Mendicité féminine : des femmes aux aguets du luxe

Article : Mendicité féminine : des femmes aux aguets du luxe
Crédit: Fatoumata Bintou Ba
4 novembre 2021

Mendicité féminine : des femmes aux aguets du luxe

Insultées, humiliées, ignorées, elles font le nouveau décor de certains lieux à Dakar. Sans détour les nouvelles mendiantes dans un style plus décontracté se mettent devant les banques, supermarchés, ronds-points ou autres lieux, espérant ses billets fraîchement sortis du guichet ou même un sac de course… la mendicité aux airs du luxe découverte.

et Oups elle tombe

Les larmes aux yeux, elle raconte son histoire. Celle d’une vie meurtrie et marquée par la pitié. Par désespoir, elle tend la main à des inconnus parfois désagréables ou animés d’aucune once de pitié. Dans son voile jaune claire, sans pudeur elle demande de « l’aide ». Tiguida Ba de son nom, essuie par moment son visage, suant,  et noircit par les rayons du soleil . “ Mon mari m’a abandonnée alors que j’étais malade, ma famille m’a tourné le dos et je me suis retrouvé dans la rue » explique- t-elle comme accablée, dans un regard triste.

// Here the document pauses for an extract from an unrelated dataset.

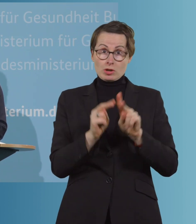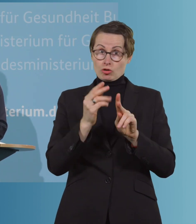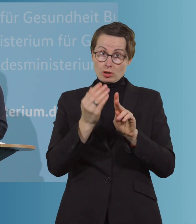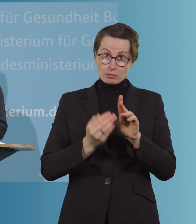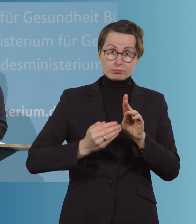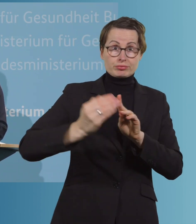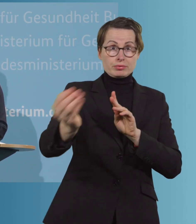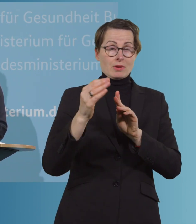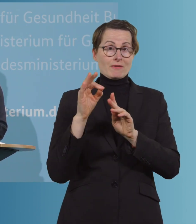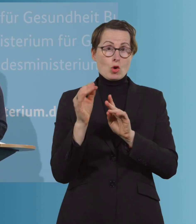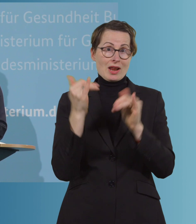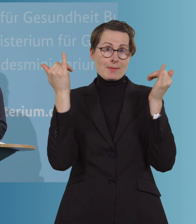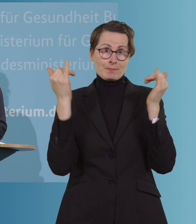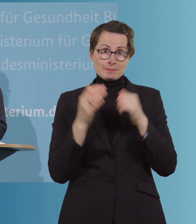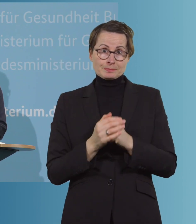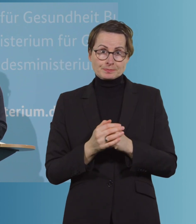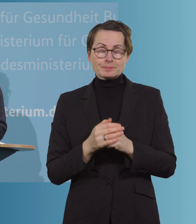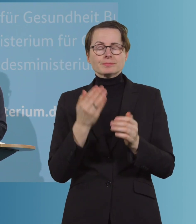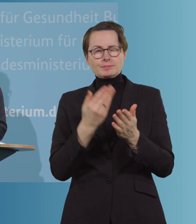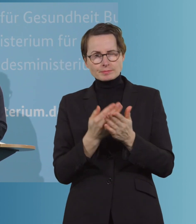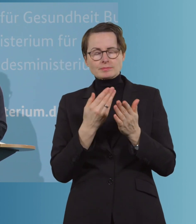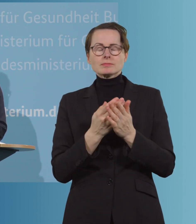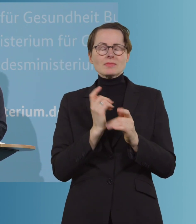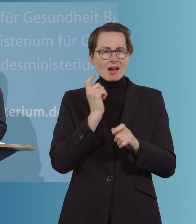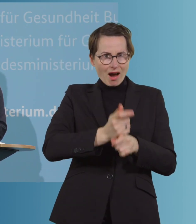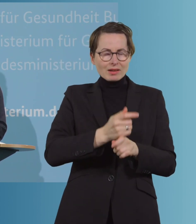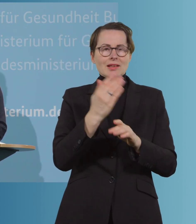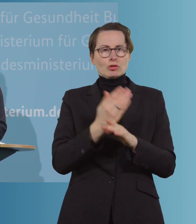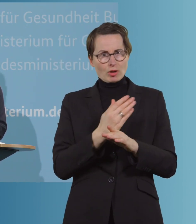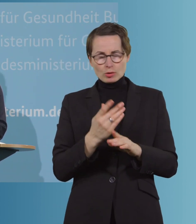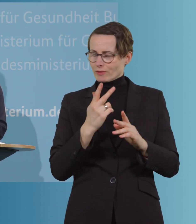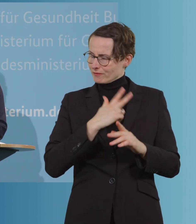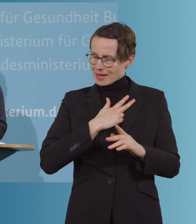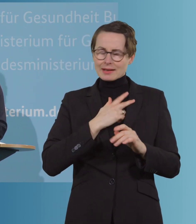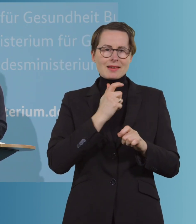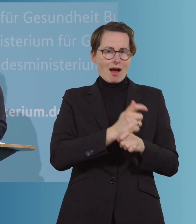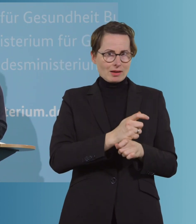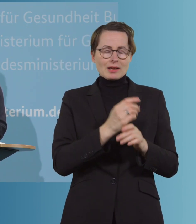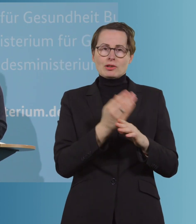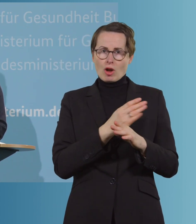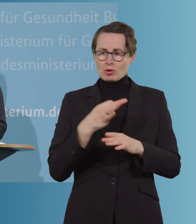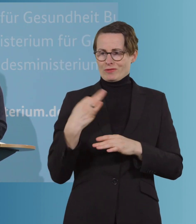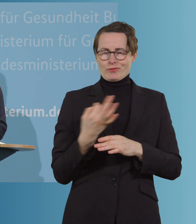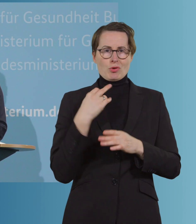einige Monate. Und deswegen ist das eine Entscheidung, die echt schwerfällt, jedem, der politische Verantwortung hat, schwerfällt,

Victime d’un accident cardio-vasculaire depuis qu’elle a terminé d’allaiter son fils vingt an plus tôt, elle a commencé a mendier depuis le mois de ramadan. « Ma propre sœur m’a renvoyée de chez elle, parce que j’étais devenue une charge très lourde», lance-t-elle, avec une bonne dose de colère dans la voix.

A la suite de tous ces événements, Tiguida a décidé de prendre sa vie en main. Boitant d’une jambe, et paralysée de la main droite, elle ne pouvait pas travailler. Ainsi, elle décide de faire la manche : “ J’ai récupéré mon fils et loué une chambre car je ne voulais plus dépendre de ma famille. Ironie du sort, je dépends des gens aujourd’hui mais au moins j’arrive à m’en sortir “.  Mais les débuts ont été difficiles comme le confirme une amie de Tiguida ayant requis l’anonymat. «J’avais honte et surtout je ne voulais pas tomber sur une personne me connaissant. Mais finalement cela m’importe peu maintenant” explique la dame à la forme callipyge. 

Mendicité, sous un regard méprisant

Si elle attache maintenant peu d’importance au regard des autres, c’est que c’est une activité très lucrative à Dakar. Sous un pont, à l’ombre d’un arbre, devant les pâtisseries, les fast-foods, les stations de services, ces femmes sont partout. Certaines délaissant même leur métier pour aller « quémander ». Aujourd’hui les endroits les plus courus pour ces femmes sont les devantures des banques et des supermarchés. A la Cité Keur Gorgui, on retrouve dans un petit périmètre un supermarché Auchan, des agences de la Banque de l’habitat du Sénégal et de la Banque sahélo-saharienne. Sans y faire attention, Tiguida et ses amies passent comme des personnes ordinaires venus faire des transactions comme tout le monde.  A côté des nombreux véhicules stationnés sur un parking, elles sont assises, « normalement » vêtues, l’une dans un grand boubou, l’autre avec une marinière, ou encore en taille basse, devisant tranquillement. De temps à autre, elles jettent des coups d’œil furtifs  et n’hésitent pas à interpeller les conducteurs.

Mendicité au goût amer

Sans aucune pudeur, ces trois femmes dévoilent les secrets d’une vie cachée, la mendicité. “On est désespéré tout simplement. J’ai divorcé de mon mari, il est parti et m’a laissée avec les enfants. En plus de cela, c’est honteux d’être debout là chaque jour. Les gens surtout les femmes n’ont aucune considération pour nous”, lance l’amie de Tiguida.

Khady Seck, la troisième du groupe, a quitté Guédiawaye. Grand boubou orange sur un physique d’une certaine corpulence, son teint noir s’illumine au contact des rayons. «C’est la première fois que je viens ici», murmure-t-elle. Officiellement, elle est venue pour chercher du travail. Mais comme ses amies et «collègues», elles ne cessent d’interpeler  les gens qu’elle croise : « Monsieur, Madame aidez-nous, s’il vous plait. On n’a rien laissé à la maison ».  La cinquantaine bien sonnée, elle assure avoir la capacité de travailler, en qualité de ménagère ou même lingère. Troisième femme d’un mari devenu trop âgée pour travailler et subvenir à leurs besoins, elle confie d’une voix assurée : “ Tiguida m’a conseillé de venir ici, surement j’aurais plus de facilité à trouver un emploi comme je suis âgée et que j’ai perdu tous mes papiers ».